(a) What is hashing function? Explain any four hashing functions with examples. (b) Write notes on the following: (i) Overflow handling in hashing (ii) Static tree tables
Q.) (a) What is hashing function? Explain any four hashing functions with examples. (b) Write notes on the following: (i) Overflow handling in hashing (ii) Static tree tables
Subject: Data Structure and Algorithm(a) What is a Hashing Function?
A hashing function is an algorithm that takes an input (or 'message') and returns a fixed-size string of bytes. The output is typically a 'hash code' or 'hash value'. Hashing functions are designed to be a one-way function, which means it should be computationally infeasible to reverse the operation or find two different inputs that produce the same hash value (a condition known as a collision). Hashing functions are widely used in computer science for various applications such as data retrieval, cryptographic security, and data integrity verification.
Four Hashing Functions with Examples:
MD5 (Message Digest Algorithm 5):
- Purpose: Originally designed for cryptographic purposes but now considered broken and unsuitable for further use because it's vulnerable to hash collisions.
- Output Size: 128-bit hash value.
- Example:
plaintext Input: "Hello, World!" MD5 Hash: "65a8e27d8879283831b664bd8b7f0ad4"
SHA-1 (Secure Hash Algorithm 1):
- Purpose: Designed by the National Security Agency (NSA) to be part of the Digital Signature Algorithm. Like MD5, SHA-1 is also no longer considered secure against well-funded attackers.
- Output Size: 160-bit hash value.
- Example:
plaintext Input: "Hello, World!" SHA-1 Hash: "2ef7bde608ce5404e97d5f042f95f89f1c232871"
SHA-256 (Secure Hash Algorithm 256-bit):
- Purpose: Part of the SHA-2 family, designed by the NSA, and widely used for secure applications including in blockchain and SSL certificates.
- Output Size: 256-bit hash value.
- Example:
plaintext Input: "Hello, World!" SHA-256 Hash: "a591a6d40bf420404a011733cfb7b190d62c65bf0bcda32b57b277d9ad9f146e"
CRC32 (Cyclic Redundancy Check):
- Purpose: A checksum hashing function used to detect accidental changes to raw data in digital networks and storage devices.
- Output Size: 32-bit hash value.
- Example:
plaintext Input: "Hello, World!" CRC32 Hash: "1c291ca3"
(b) Notes on the following:
(i) Overflow Handling in Hashing
Overflow occurs in hashing when a hash function generates the same index for more than one key, which is known as a collision. Handling collisions is critical to maintain the efficiency of a hash table. There are several methods to handle overflow:
Chaining:
- Each slot of the hash table contains a linked list of entries that hash to the same index.
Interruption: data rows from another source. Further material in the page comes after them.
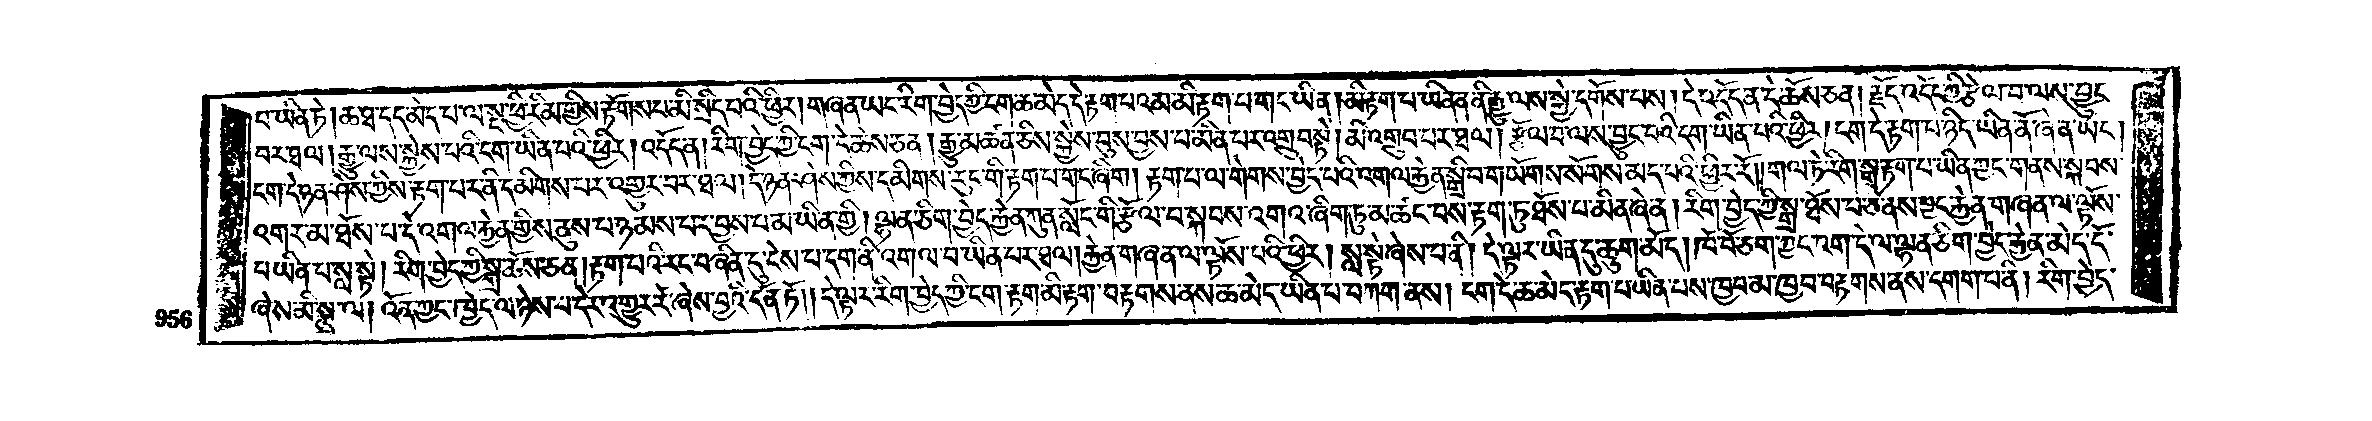པ་ཡིན་ཏེ། ཆ་ཐ་དད་མེད་པ་ལ་སྔ་ཕྱི་རིམ་གྱིས་རྟོགས་པ་མི་སྲིད་པའི་ཕྱིར། གཞན་ཡང་རིག་བྱེད་ཀྱི་ངག་ཆ་མེད་དེ་རྟག་པའང་མི་རྟག་པ་གང་ཡིན། མི་རྟག་པ་ཡིན་ན་ནི་རྒྱུ་ལས་སྐྱེ་དགོས་པས། དེ་འདོད་ན་དེ་ཆོས་ཅན། རྗོད་འདོད་ཀྱི་རྩེལ་བ་ལས་བྱུང་
བར་ཐལ། རྒྱུ་ལས་སྐྱེས་པའི་ངག་ཡིན་པའི་ཕྱིར། འདོད་ན། རིག་བྱེད་ཀྱི་ངག་དེ་ཆོས་ཅན། རྒྱུ་མཚན་ཅིས་སྐྱེས་བུ་བྱས་པ་མིན་པར་འགྲུབ་སྟེ། མི་འགྲུབ་པར་ཐལ། རྩོལ་བ་ལས་བྱུང་བ་ངག་ཡིན་པའི་ཕྱིར། ངག་དེ་རྟག་པ་ཉིད་ཡིན་ནོ་ཞེ་ན་ཡང་།
ངག་དེ་ཉན་ཤེས་ཀྱིས་རྟག་པར་ནི་དམིགས་པར་འགྱུར་བར་ཐལ། དེ་ཉན་ཤེས་ཀྱིས་དམིགས་རུང་གི་རྟག་པ་གང་ཞིག །རྟག་པ་ལ་གེགས་བྱེད་པའི་འགལ་རྐྱེན་སྒྲིབ་གཡོགས་སོགས་མེད་པའི་ཕྱིར་རོ། །གལ་ཏེ་རིག་སྒྲ་རྟག་པ་ཡིན་ཀྱང་གནས་སྐབས་
འགར་མ་ཐོས་པ་དེ་འགལ་རྐྱེན་གྱིས་ནུས་པ་ཉམས་པར་བྱས་པ་མ་ཡིན་གྱི། ལྷན་ཅིག་བྱེད་རྐྱེན་ཀུན་སློང་གི་རྩོལ་བ་སྐབས་འགའ་ཞིག་ཏུ་མ་ཚང་བས་རྟག་ཏུ་ཐོས་པ་མིན་ཞེ་ན། རིག་བྱེད་ཀྱི་སྒྲ་ཐོས་པ་ཅི་ནས་བྱང་རྐྱེན་གཞན་ལ་ལྟོས་
པ་ཡིན་པ་སླ་སྟེ། རིག་བྱེད་ཀྱི་སྒྲ་ཆོས་ཅན། རྟག་པའི་རང་བཞིན་དུ་ངེས་པ་དག་ནི་འགལ་བ་ཡིན་པར་ཐལ། རྐྱེན་གཞན་ལ་ལྟོས་པའི་ཕྱིར། སླ་སྟེ་ཞེས་པ་ནི། དེ་ལྟར་ཡིན་དུ་ཆུག་མོད། ཁོ་བོ་ཅག་ཀྱང་འོག་དེ་ལ་ལྷན་ཅིག་བྱེད་རྐྱེན་མེད་དོ་
ཞེས་མི་སྨྲ་ལ། འོན་ཀྱང་ཁྱེད་ལ་ཉེས་པ་དེར་འགྱུར་རོ་ཞེས་བྱའི་དོན་ཏོ། དེ་ལྟར་རིག་བྱེད་ཀྱི་ངག་རྟག་མི་རྟག་བརྟགས་ནས་ཆ་མེད་ཡིན་པ་བཀག་ནས། ངག་དེ་ཆ་མེད་རྟག་པ་ཡིན་པས་ཁྱབ་མ་ཁྱབ་བརྟགས་ནས་དགག་པ་ནི། རིག་བྱེད་
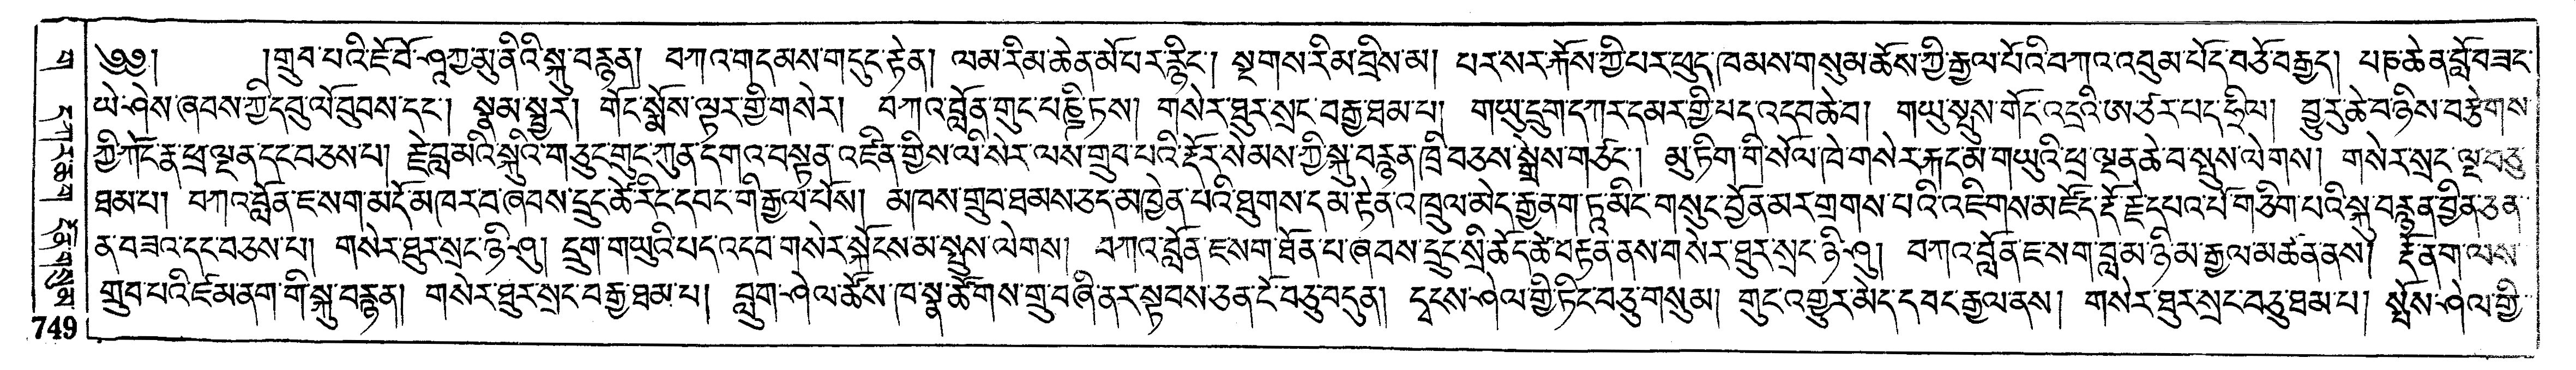༄༅། །གྲུབ་པའི་ཇོ་བོ་ཤཱཀྱ་མུ་ནིའི་སྐུ་བརྙན། བཀའ་གདམས་གདུང་རྟེན། ལམ་རིམ་ཆེན་མོ་པར་རྙིང་། སྔགས་རི་མ་བྲིས་མ། པར་སར་རྐོས་ཀྱི་བར་ཕུང་ཁམས་གསུམ་ཆོས་ཀྱི་རྒྱལ་པོའི་བཀའ་འབུམ་པོད་བཅོ་བརྒྱད། པཎ་ཆེན་བློ་བཟང་
ཡེ་ཤེས་ཞབས་ཀྱི་དབུ་ལོ་བུབས་དང་། སྣམ་སྦྱར། གོང་སྨོས་ལྟར་གྱི་གསེར། བཀའ་བློན་གུང་པཎྜི་ཏས། གསེར་ཐུར་སྲང་བརྒྱ་ཐམ་བ། གཡུ་དྲུག་དཀར་དམར་གྱི་པད་འདབ་ཆེ་བ། གཡུ་སྤུས་གོང་འདྲའི་ཨ་ཙར་པད་ཧྲིལ། བྱུ་རུ་ཆེ་བ་ཉིས་བརྩེགས་
ཀྱི་ཀོང་རྣ་ཕྲ་ལྡན་དང་བཅས་བ། རྗེ་བླ་མའི་སྐུའི་གཅུང་གུང་ཀུན་དགའ་བསྟན་འཛིན་གྱིས་ལི་སེར་ལས་གྲུབ་བའི་རྡོར་སེམས་ཀྱི་སྐུ་བརྙན་ཁྲི་བཅས་སྒྲེས་གཙང་། མུ་ཏིག་གི་སོལ་ཁེ་གསེར་རྐང་མ་གཡུའི་ཕྲ་ལྡན་ཆེ་བ་སྦུས་ལེགས། གསེར་སྲང་ལྔ་བཅུ་
ཐམ་པ། བཀའ་བློན་ཇ་སག་མདོ་མཁར་བ་ཞབས་དྲུང་ཚེ་རིང་དབང་གི་རྒྱལ་པོས། མཁས་གྲུབ་ཐམས་ཅད་མཁྱེན་པའི་ཐུགས་དམ་རྟེན་འཁྲུལ་མེད་རྒྱ་ནག་ཏཱ་མིང་གསུང་བྱོན་མར་གྲགས་པའི་འཇིགས་མཛད་རྡོ་རྗེ་དཔའ་བོ་གཅིག་པའི་སྐུ་བརྙན་བྱིན་ཅན་
ན་བཟའ་དང་བཅས་པ། གསེར་ཐུར་སྲང་ཉི་ཤུ། དྲུག་གཡུའི་པད་འདབ་གསེར་སྐོངས་མ་སྤུས་ལེགས། བཀའ་བློན་ཇ་སག་ཐོན་བ་ཞབས་དྲུང་སྲི་ཆོད་ཚེ་བརྟན་ནས་གསེར་ཐུར་སྲང་ཉི་ཤུ། བཀའ་བློན་ཇ་སག་བླ་མ་ཉི་མ་རྒྱལ་མཚན་ནས། རྡོ་ནག་ལས་
གྲུབ་བའི་ཛམ་ནག་གི་སྐུ་བརྙན། གསེར་ཐུར་སྲང་བརྒྱ་ཐམ་པ། བླུག་ཤེལ་ཚོས་ཁ་སྣ་ཚོགས་གྲུ་བཞི་ནར་སྟབས་ཅན་ངོ་བཅུ་བདུན། དྭངས་ཤེལ་གྱི་ཏིང་བཅུ་གསུམ། གུང་འགྱུར་མེད་དབང་རྒྱལ་ནས། གསེར་ཐུར་སྲང་བཅུ་ཐམ་པ། སྤོས་ཤེལ་གྱི་

- When a collision occurs, the item is added to the list at that index.
Open Addressing:
- All elements are stored in the hash table itself.
- When a collision occurs, the table is probed sequentially or by another hashing function to find an empty slot.
Double Hashing:
- A form of open addressing with a secondary hash function.
- If a collision occurs, the secondary hash function is used to calculate the interval between probes.
Rehashing:
- The hash table is resized and all existing items are rehashed and inserted into the new table.
- This is often done when the load factor of the table exceeds a certain threshold.
(ii) Static Tree Tables
Static tree tables refer to a data structure that uses a tree-like model to organize static data in a hierarchical manner. The term 'static' implies that the structure of the tree and the data it contains do not change over time. Binary search trees, AVL trees, and B-trees are examples of static tree tables.
Characteristics of Static Tree Tables:
- Ordered: The tree maintains data in a sorted order, allowing for efficient search operations.
- Balanced: Some static trees (like AVL trees) maintain balance to ensure that operations such as insertions, deletions, and searches can be performed in logarithmic time.
- Immutable: Once constructed, the structure does not change, which simplifies the design and can improve performance for read-only access patterns.
Applications of Static Tree Tables:
- Database Indexing: Used to index records for efficient retrieval.
- File Systems: The directory structure can be represented as a static tree.
- Lookup Tables: Used in applications where fast lookup of static data is required.
Static tree tables are particularly useful when the dataset does not change, or changes infrequently, and when there is a need for fast search and retrieval operations.